** EXERCISE **
Your copy must hold every line of the records word for word. It must hold no pictures.
# # # # #
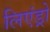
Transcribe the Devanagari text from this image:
लिएंड्रो
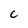
Character: C
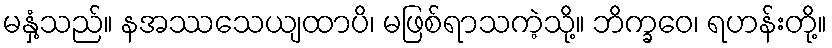
မနှံ့သည်။ နအဿသေယျထာပိ၊ မဖြစ်ရာသကဲ့သို့။ ဘိက္ခဝေ၊ ရဟန်းတို့။
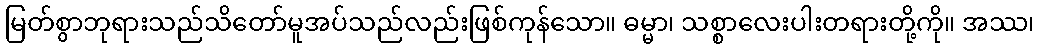
မြတ်စွာဘုရားသည်သိတော်မူအပ်သည်လည်းဖြစ်ကုန်သော။ ဓမ္မာ၊ သစ္စာလေးပါးတရားတို့ကို။ အဿ၊
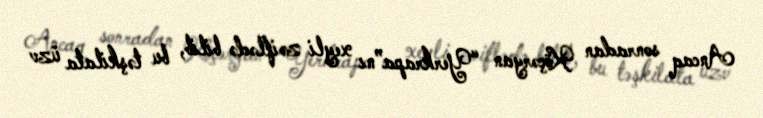
Ancaq sonradan Köçəryan “Yerkrapa”nı xeyli zəiflədə bilib, bu təşkilata üzv
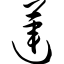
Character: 莲
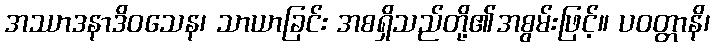
အဿာဒနာဒိဝသေန၊ သာယာခြင်း အစရှိသည်တို့၏အစွမ်းဖြင့်။ ပဝတ္တာနိ၊
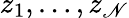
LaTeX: z_{1},\dotsc,z_{\mathscr{N}}
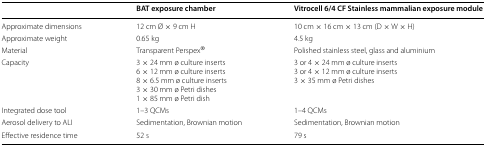
|  | BAT exposure chamber | Vitrocell 6/4 CF Stainless mammalian exposure module |
 | --- | --- | --- |
 | Approximate dimensions | 12 cm Ø × 9 cm H | 10 cm × 16 cm × 13 cm (D × W × H) |
 | Approximate weight | 0.65 kg | 4.5 kg |
 | Material | Transparent Perspex® | Polished stainless steel, glass and aluminium |
 | Capacity | 3 × 24 mm ø culture inserts6 × 12 mm ø culture inserts8 × 6.5 mm ø culture inserts3 × 30 mm ø Petri dishes1 × 85 mm ø Petri dish | 3 or 4 × 24 mm ø culture inserts3 or 4 × 12 mm ø culture inserts3 × 35 mm ø Petri dishes |
 | Integrated dose tool | 1–3 QCMs | 1–4 QCMs |
 | Aerosol delivery to ALI | Sedimentation, Brownian motion | Sedimentation, Brownian motion |
 | Effective residence time | 52 s | 79 s |
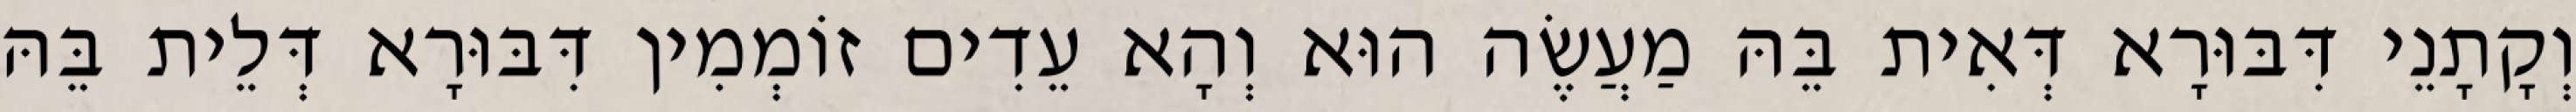
וְקָתָנֵי דִּבּוּרָא דְּאִית בֵּהּ מַעֲשֶׂה הוּא וְהָא עֵדִים זוֹמְמִין דִּבּוּרָא דְּלֵית בֵּהּ
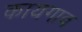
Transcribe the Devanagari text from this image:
कायगाव
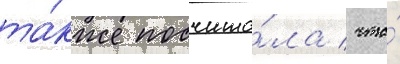
та́кже посчита́ла / что́
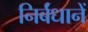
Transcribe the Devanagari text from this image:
निर्बंधानें
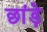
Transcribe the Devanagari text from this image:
छांड़े
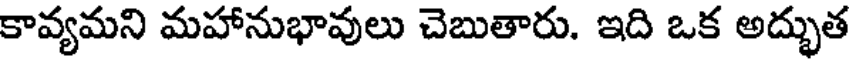
కావ్యమని మహానుభావులు చెబుతారు. ఇది ఒక అద్భుత
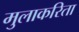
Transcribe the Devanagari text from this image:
मुलाकरिता
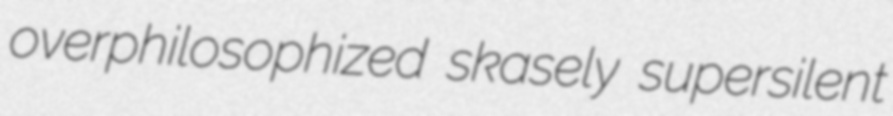
overphilosophized skasely supersilent
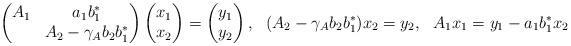
LaTeX: \begin{align*} \begin{pmatrix} A_1 & a_1 b_1^*\\ & A_2 - \gamma_A b_2 b_1^* \end{pmatrix} \begin{pmatrix} x_1\\ x_2 \end{pmatrix} &= \begin{pmatrix} y_1\\ y_2 \end{pmatrix}, & (A_2 - \gamma_A b_2 b_1^*) x_2 &= y_2, & A_1 x_1 &= y_1 - a_1 b_1^* x_2\end{align*}
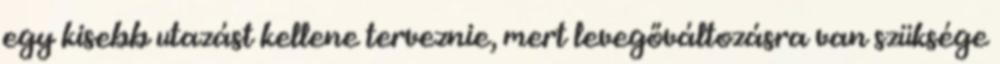
egy kisebb utazást kellene terveznie, mert levegőváltozásra van szüksége
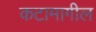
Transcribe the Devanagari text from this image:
कटामागील
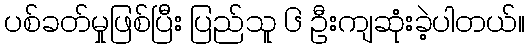
ပစ်ခတ်မှုဖြစ်ပြီး ပြည်သူ ၆ ဦးကျဆုံးခဲ့ပါတယ်။
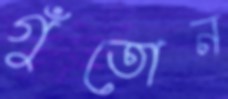
গুঁতোন
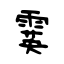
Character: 霙
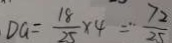
D G = \frac { 1 8 } { 2 5 } \times 4 = \cdot \frac { 7 2 } { 2 5 }
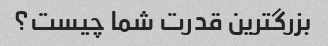
بزرگترین قدرت شما چیست؟
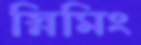
স্নিমিং
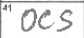
Transcription: OCS
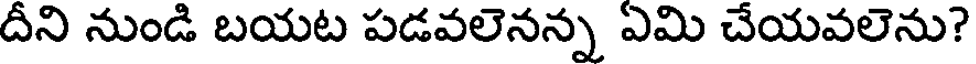
దీని నుండి బయట పడవలెనన్న ఏమి చేయవలెను?
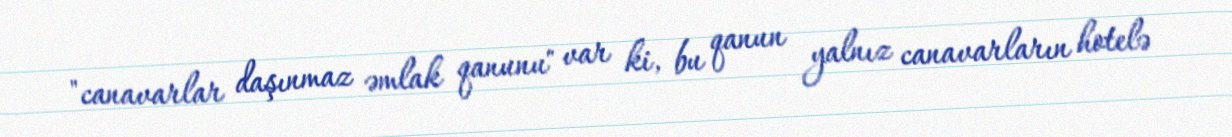
"canavarlar daşınmaz əmlak qanunu" var ki, bu qanun yalnız canavarların hotelə
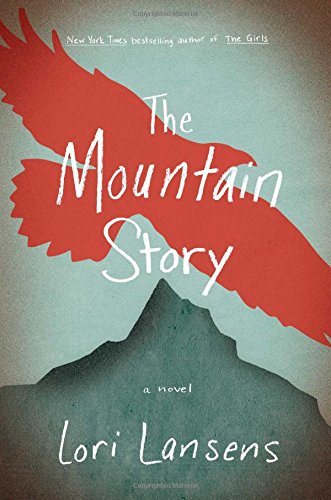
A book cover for The Mountain Story: A Novel; Lori Lansens; Literature & Fiction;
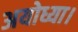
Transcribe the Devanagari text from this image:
अयोध्या।
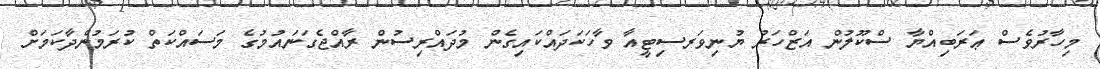
މިހާރުވެސް ޢަރަބިއްޔާ ސްކޫލުން އަޒްހަރު ޔުނިވަރސިޓީއާ ވާހަކަދައްކައިގެން މުދައްރިސުން ރާއްޖެގަނައުމުގެ މަސައްކަތް ކުރަމުންދާކަމަށް
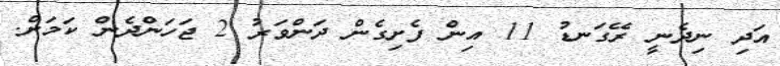
އަދި ނިދެނީ ރޭގަނޑު 11 އިން ފެށިގެން ދަންވަރު 2 ޖަހަންދެން ކަމަށް.
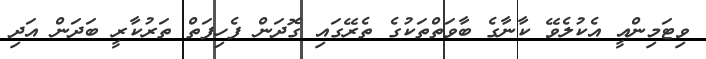
ވިޓަމިންއީ އެކުލެވޭ ކާނާގެ ބާވަތްތަކުގެ ތެރޭގައި ގޮދަން ފެހިފަތް ތަރުކާރީ ބަދަން އަދި
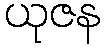
ယုဇန
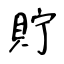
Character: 貯
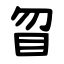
# # # # #
** SOLUTION **
Transcribe the Devanagari text from this image:
लिएंड्रो
Character: C
မနှံ့သည်။ နအဿသေယျထာပိ၊ မဖြစ်ရာသကဲ့သို့။ ဘိက္ခဝေ၊ ရဟန်းတို့။
မြတ်စွာဘုရားသည်သိတော်မူအပ်သည်လည်းဖြစ်ကုန်သော။ ဓမ္မာ၊ သစ္စာလေးပါးတရားတို့ကို။ အဿ၊
Ancaq sonradan Köçəryan “Yerkrapa”nı xeyli zəiflədə bilib, bu təşkilata üzv
Character: 莲
အဿာဒနာဒိဝသေန၊ သာယာခြင်း အစရှိသည်တို့၏အစွမ်းဖြင့်။ ပဝတ္တာနိ၊
LaTeX: z_{1},\dotsc,z_{\mathscr{N}}
|  | BAT exposure chamber | Vitrocell 6/4 CF Stainless mammalian exposure module |
 | --- | --- | --- |
 | Approximate dimensions | 12 cm Ø × 9 cm H | 10 cm × 16 cm × 13 cm (D × W × H) |
 | Approximate weight | 0.65 kg | 4.5 kg |
 | Material | Transparent Perspex® | Polished stainless steel, glass and aluminium |
 | Capacity | 3 × 24 mm ø culture inserts6 × 12 mm ø culture inserts8 × 6.5 mm ø culture inserts3 × 30 mm ø Petri dishes1 × 85 mm ø Petri dish | 3 or 4 × 24 mm ø culture inserts3 or 4 × 12 mm ø culture inserts3 × 35 mm ø Petri dishes |
 | Integrated dose tool | 1–3 QCMs | 1–4 QCMs |
 | Aerosol delivery to ALI | Sedimentation, Brownian motion | Sedimentation, Brownian motion |
 | Effective residence time | 52 s | 79 s |
וְקָתָנֵי דִּבּוּרָא דְּאִית בֵּהּ מַעֲשֶׂה הוּא וְהָא עֵדִים זוֹמְמִין דִּבּוּרָא דְּלֵית בֵּהּ
Transcribe the Devanagari text from this image:
कायगाव
та́кже посчита́ла / что́
Transcribe the Devanagari text from this image:
निर्बंधानें
Transcribe the Devanagari text from this image:
छांड़े
కావ్యమని మహానుభావులు చెబుతారు. ఇది ఒక అద్భుత
Transcribe the Devanagari text from this image:
मुलाकरिता
overphilosophized skasely supersilent
LaTeX: \begin{align*} \begin{pmatrix} A_1 & a_1 b_1^*\\ & A_2 - \gamma_A b_2 b_1^* \end{pmatrix} \begin{pmatrix} x_1\\ x_2 \end{pmatrix} &= \begin{pmatrix} y_1\\ y_2 \end{pmatrix}, & (A_2 - \gamma_A b_2 b_1^*) x_2 &= y_2, & A_1 x_1 &= y_1 - a_1 b_1^* x_2\end{align*}
egy kisebb utazást kellene terveznie, mert levegőváltozásra van szüksége
Transcribe the Devanagari text from this image:
कटामागील
ပစ်ခတ်မှုဖြစ်ပြီး ပြည်သူ ၆ ဦးကျဆုံးခဲ့ပါတယ်။
গুঁতোন
Character: 霙
D G = \frac { 1 8 } { 2 5 } \times 4 = \cdot \frac { 7 2 } { 2 5 }
بزرگترین قدرت شما چیست؟
স্নিমিং
Transcription: OCS
దీని నుండి బయట పడవలెనన్న ఏమి చేయవలెను?
"canavarlar daşınmaz əmlak qanunu" var ki, bu qanun yalnız canavarların hotelə
A book cover for The Mountain Story: A Novel; Lori Lansens; Literature & Fiction;
Transcribe the Devanagari text from this image:
अयोध्या।
މިހާރުވެސް ޢަރަބިއްޔާ ސްކޫލުން އަޒްހަރު ޔުނިވަރސިޓީއާ ވާހަކަދައްކައިގެން މުދައްރިސުން ރާއްޖެގަނައުމުގެ މަސައްކަތް ކުރަމުންދާކަމަށް
އަދި ނިދެނީ ރޭގަނޑު 11 އިން ފެށިގެން ދަންވަރު 2 ޖަހަންދެން ކަމަށް.
ވިޓަމިންއީ އެކުލެވޭ ކާނާގެ ބާވަތްތަކުގެ ތެރޭގައި ގޮދަން ފެހިފަތް ތަރުކާރީ ބަދަން އަދި
ယုဇန
Character: 貯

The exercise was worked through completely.